■ **SUPPLIED MATERIAL**:
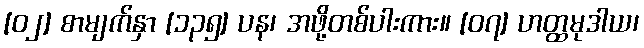
[၀၂] စာမျက်နှာ [၁၃၅] ပန၊ အဖို့တစ်ပါးကား။ [၀၇] ဟတ္ထမုဒါယ၊
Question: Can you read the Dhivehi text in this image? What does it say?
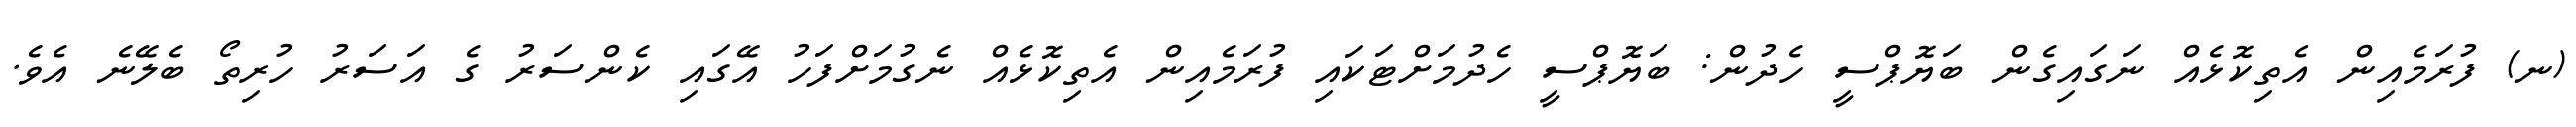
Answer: (ނ) ފުރަމެއިން އެތިކޮޅެއް ނަގައިގެން ބަޔޮޕްސީ ހެދުން: ބަޔޮޕްސީ ހެދުމަށްޓަކައި ފުރަމެއިން އެތިކޮޅެއް ނެގުމަށްފަހު އޭގައި ކެންސަރު ގެ އަސަރު ހުރިތޯ ބެލޭނެ އެވެ.
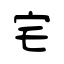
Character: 宅
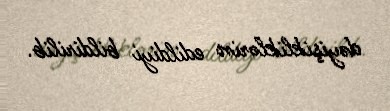
dəyişikliklərin edildiyi bildirilib.
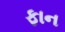
ફાન
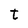
Character: t
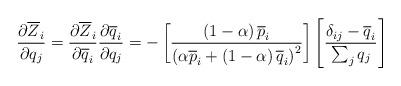
LaTeX: \begin{align*}\frac{\partial \overline{Z}_{i}}{\partial q_{j}}=\frac{\partial \overline{Z}_{i}}{\partial \overline{q}_{i}}\frac{\partial \overline{q}_{i}}{\partial q_{j}}=-\left[\frac{\left(1-\alpha\right)\overline{p}_{i}}{\left(\alpha \overline{p}_{i}+\left(1-\alpha\right)\overline{q}_{i}\right)^{2}}\right]\left[\frac{\delta_{ij}-\overline{q}_{i}}{\sum_{j}q_{j}}\right] \end{align*}

■ **TASK DIRECTIONS**: Exact copy, no pictures: reproduce every entry shown above.

■ **THE COMPLETED TASK**:
[၀၂] စာမျက်နှာ [၁၃၅] ပန၊ အဖို့တစ်ပါးကား။ [၀၇] ဟတ္ထမုဒါယ၊
Question: Can you read the Dhivehi text in this image? What does it say?
Answer: (ނ) ފުރަމެއިން އެތިކޮޅެއް ނަގައިގެން ބަޔޮޕްސީ ހެދުން: ބަޔޮޕްސީ ހެދުމަށްޓަކައި ފުރަމެއިން އެތިކޮޅެއް ނެގުމަށްފަހު އޭގައި ކެންސަރު ގެ އަސަރު ހުރިތޯ ބެލޭނެ އެވެ.
Character: 宅
dəyişikliklərin edildiyi bildirilib.
ફાન
Character: t
LaTeX: \begin{align*}\frac{\partial \overline{Z}_{i}}{\partial q_{j}}=\frac{\partial \overline{Z}_{i}}{\partial \overline{q}_{i}}\frac{\partial \overline{q}_{i}}{\partial q_{j}}=-\left[\frac{\left(1-\alpha\right)\overline{p}_{i}}{\left(\alpha \overline{p}_{i}+\left(1-\alpha\right)\overline{q}_{i}\right)^{2}}\right]\left[\frac{\delta_{ij}-\overline{q}_{i}}{\sum_{j}q_{j}}\right] \end{align*}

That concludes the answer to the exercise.